(Excerpts from a dataset)
*** Begin section ***
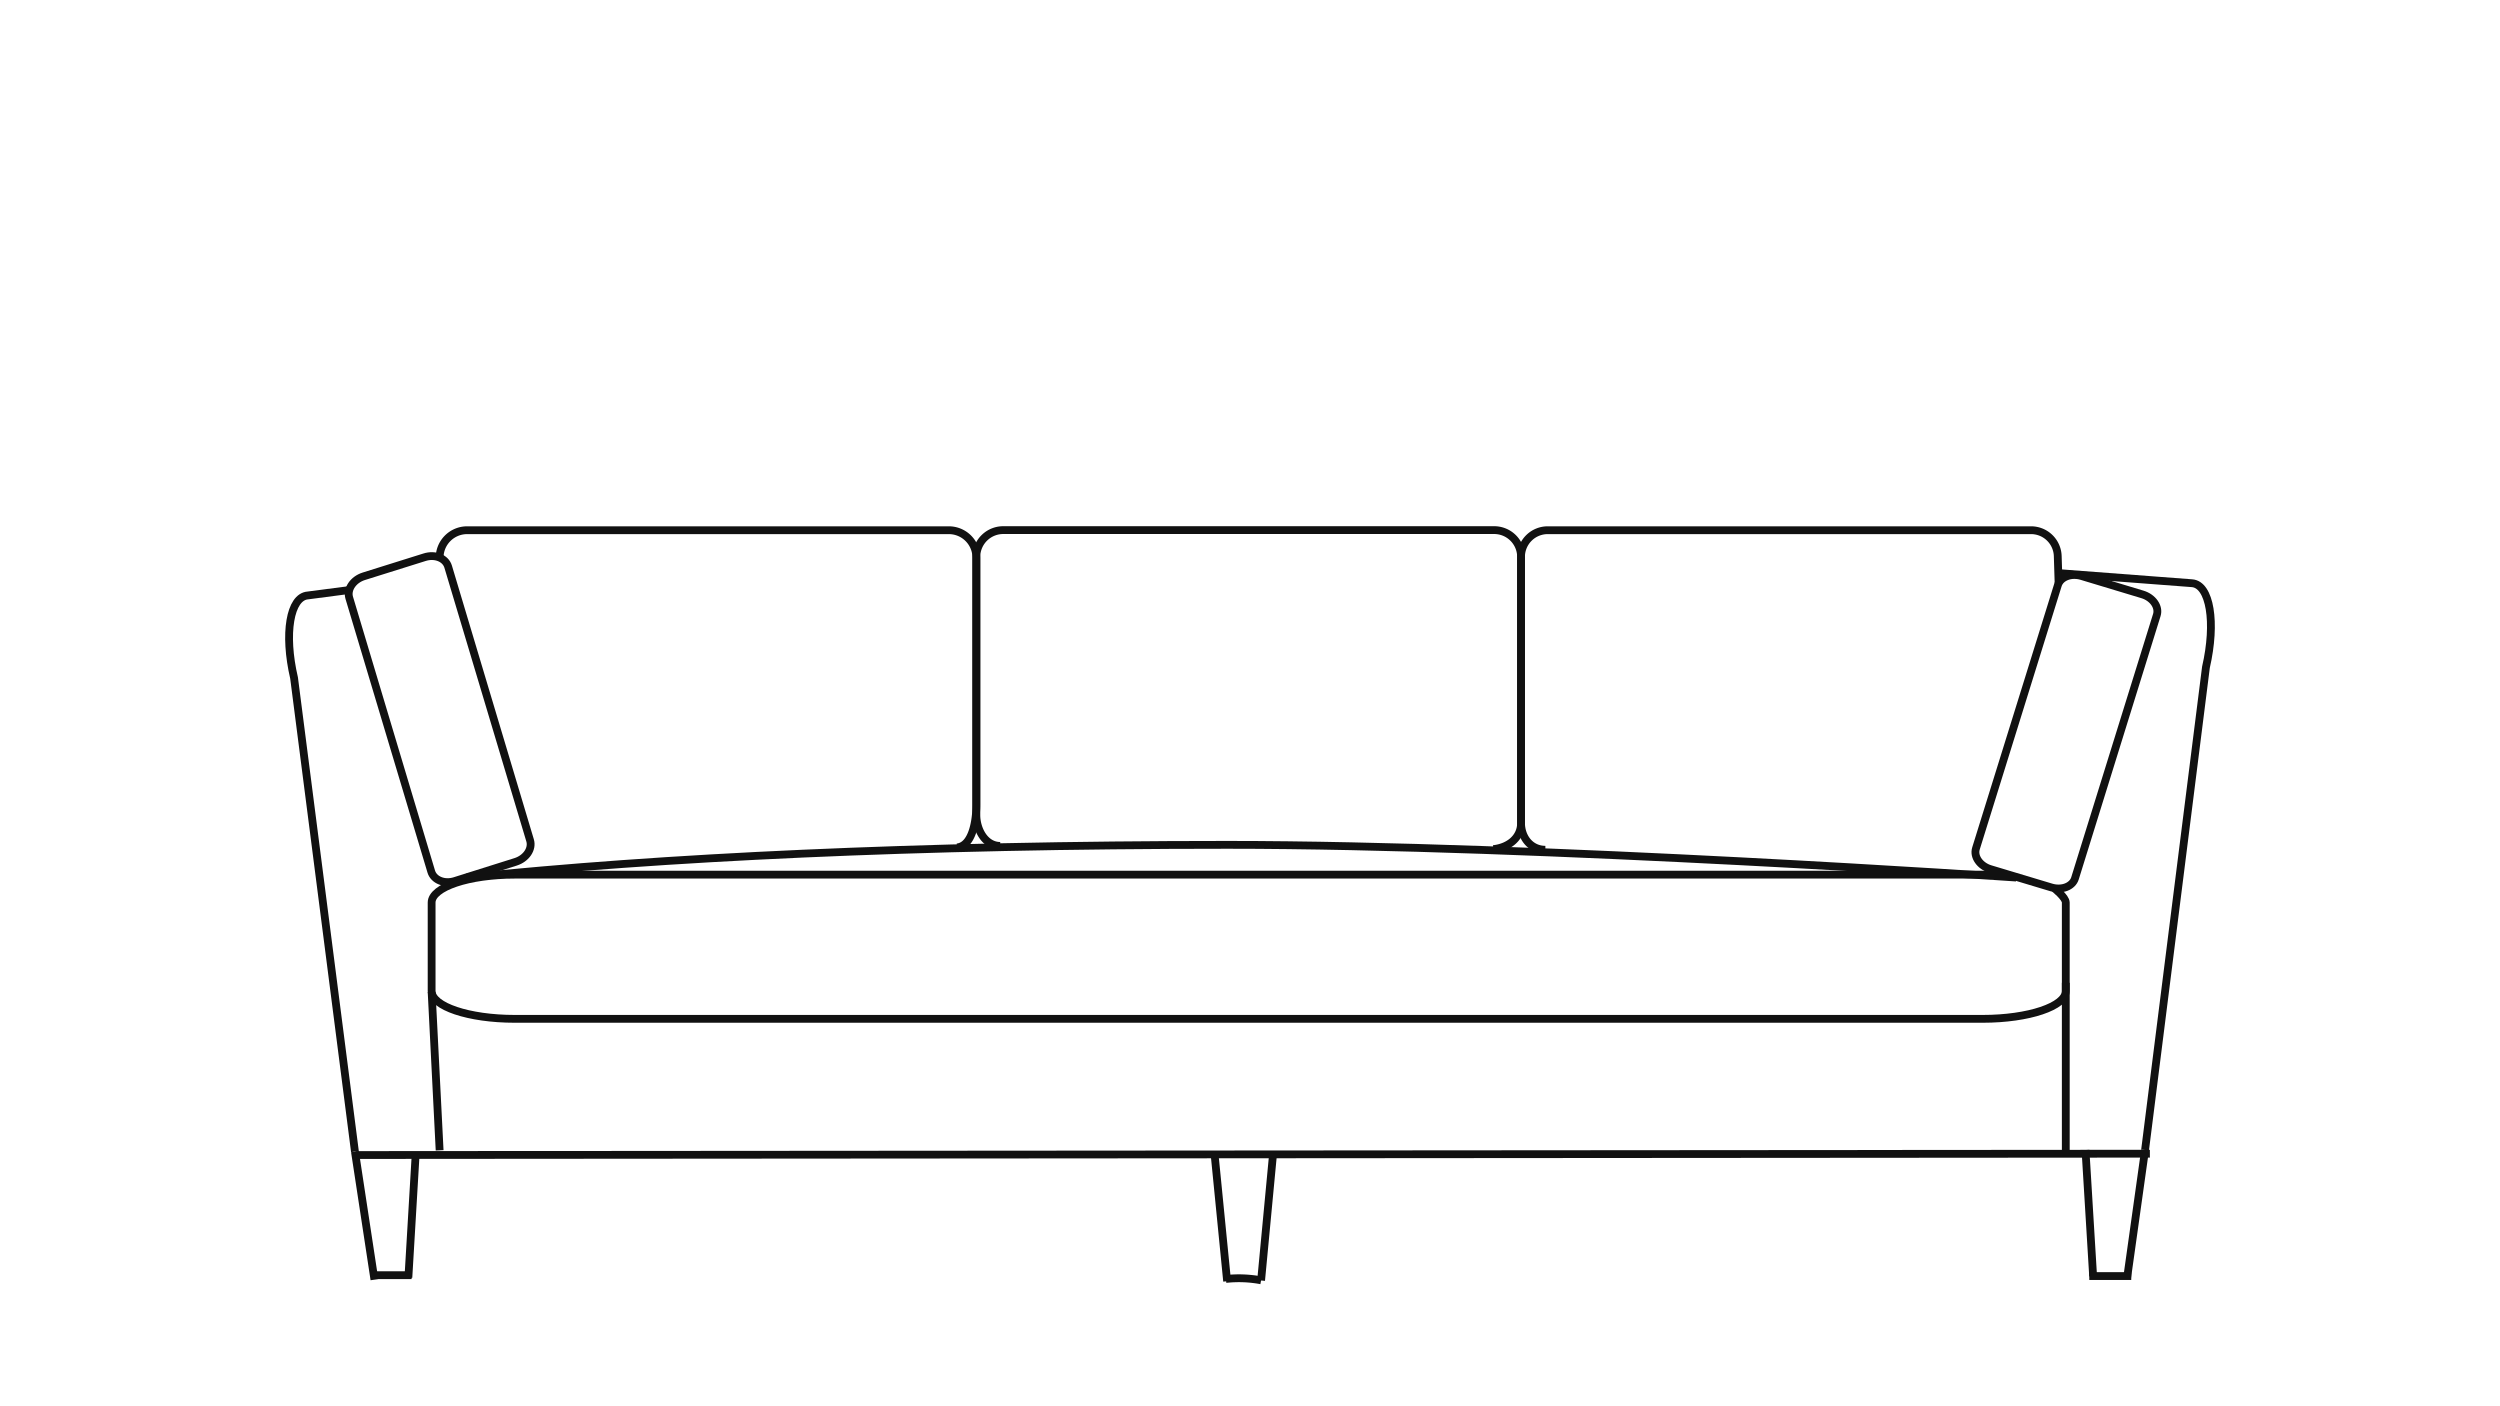 <svg id="Layer_1" data-name="Layer 1" xmlns="http://www.w3.org/2000/svg" viewBox="0 0 800 450">
  <defs>
    <style>
      .cls-1 {
        fill: none;
        stroke: #111;
        stroke-miterlimit: 10;
        stroke-width: 2.5px;
      }
    </style>
  </defs>
  <title>duke-sofa</title>
  <g>
    <path class="cls-1" d="M140.68,178.55a8.8,8.8,0,0,1,8.72-8.88H303.7a8.8,8.8,0,0,1,8.73,8.87h0v79.06c0,4.92-1.21,13.12-6.17,13.57"/>
    <path class="cls-1" d="M639.84,280.07c-1.73-.11-3.52-.18-5.36-.18H164.68c-14.68,0-26.56,4-26.56,8.92v28.3c0,4.93,11.89,8.92,26.56,8.92h469.8c14.68,0,26.57-4,26.57-8.92v-28.3c0-1.64-3.62-4.5-3.62-4.5"/>
    <path class="cls-1" d="M477.88,271.72c5.1-.56,8.86-3.75,8.86-8.37V178a8.61,8.61,0,0,0-8.86-8.36H321.28a8.61,8.61,0,0,0-8.85,8.36v82.79c0,4.61,2.75,9.9,7.64,9.9"/>
    <path class="cls-1" d="M149.23,280.82c62.2-6.44,143.43-10.47,243.59-10.47s252.37,10.47,252.37,10.47"/>
    <path class="cls-1" d="M658.75,186.71l-.27-8.69a8.54,8.54,0,0,0-8.72-8.35H495.46a8.54,8.54,0,0,0-8.73,8.34h0V263.3c0,4.62,3,8.62,7.79,8.62"/>
    <line class="cls-1" x1="113.77" y1="369.61" x2="687.96" y2="369.18"/>
    <polyline class="cls-1" points="138.12 317.41 140.68 368.1 138.12 317.41"/>
    <line class="cls-1" x1="661.05" y1="314.49" x2="661.05" y2="368.32"/>
    <line class="cls-1" x1="113.58" y1="368.51" x2="119.82" y2="409.49"/>
    <line class="cls-1" x1="130.68" y1="408.83" x2="133.01" y2="369.39"/>
    <line class="cls-1" x1="686.42" y1="368.02" x2="680.66" y2="409.04"/>
    <line class="cls-1" x1="669.8" y1="408.39" x2="667.35" y2="368.01"/>
    <path class="cls-1" d="M682,408.34H668.57"/>
    <line class="cls-1" x1="388.59" y1="368.63" x2="392.68" y2="410"/>
    <line class="cls-1" x1="403.55" y1="409.76" x2="407.44" y2="368.64"/>
    <path class="cls-1" d="M392.29,409.27a38.64,38.64,0,0,1,11.26.43"/>
    <line class="cls-1" x1="118.89" y1="408.06" x2="131.71" y2="408.06"/>
    <path class="cls-1" d="M636.94,278.12c-3.37-1-5.45-4-4.63-6.61l26.21-84.26c.82-2.63,4.23-3.93,7.6-2.91l19.42,5.86c3.38,1,5.46,4,4.64,6.61L664,281.06c-.81,2.63-4.22,3.93-7.6,2.91Z"/>
    <path class="cls-1" d="M686.42,368,705.9,213.54c3.31-14.42,1.31-26.47-4.45-26.91l-42.8-3.25"/>
    <path class="cls-1" d="M113.58,368.51,94.1,216.94c-3.31-14.16-1.31-26,4.44-26.4l13.81-1.81"/>
    <path class="cls-1" d="M165,275.79c3.37-1.06,5.45-4.13,4.63-6.86l-26.22-87.6c-.82-2.74-4.22-4.1-7.6-3l-19.42,6.09c-3.37,1.07-5.45,4.15-4.63,6.88L138,278.9c.82,2.74,4.23,4.1,7.61,3Z"/>
  </g>
</svg>
*** End section ***
§ **EXERCISE DIRECTIONS**
Track down all lines above with the string "stroke" and copy them.

§ **RESPONSE TO THIS TASK**
        stroke: #111;
        stroke-miterlimit: 10;
        stroke-width: 2.5px;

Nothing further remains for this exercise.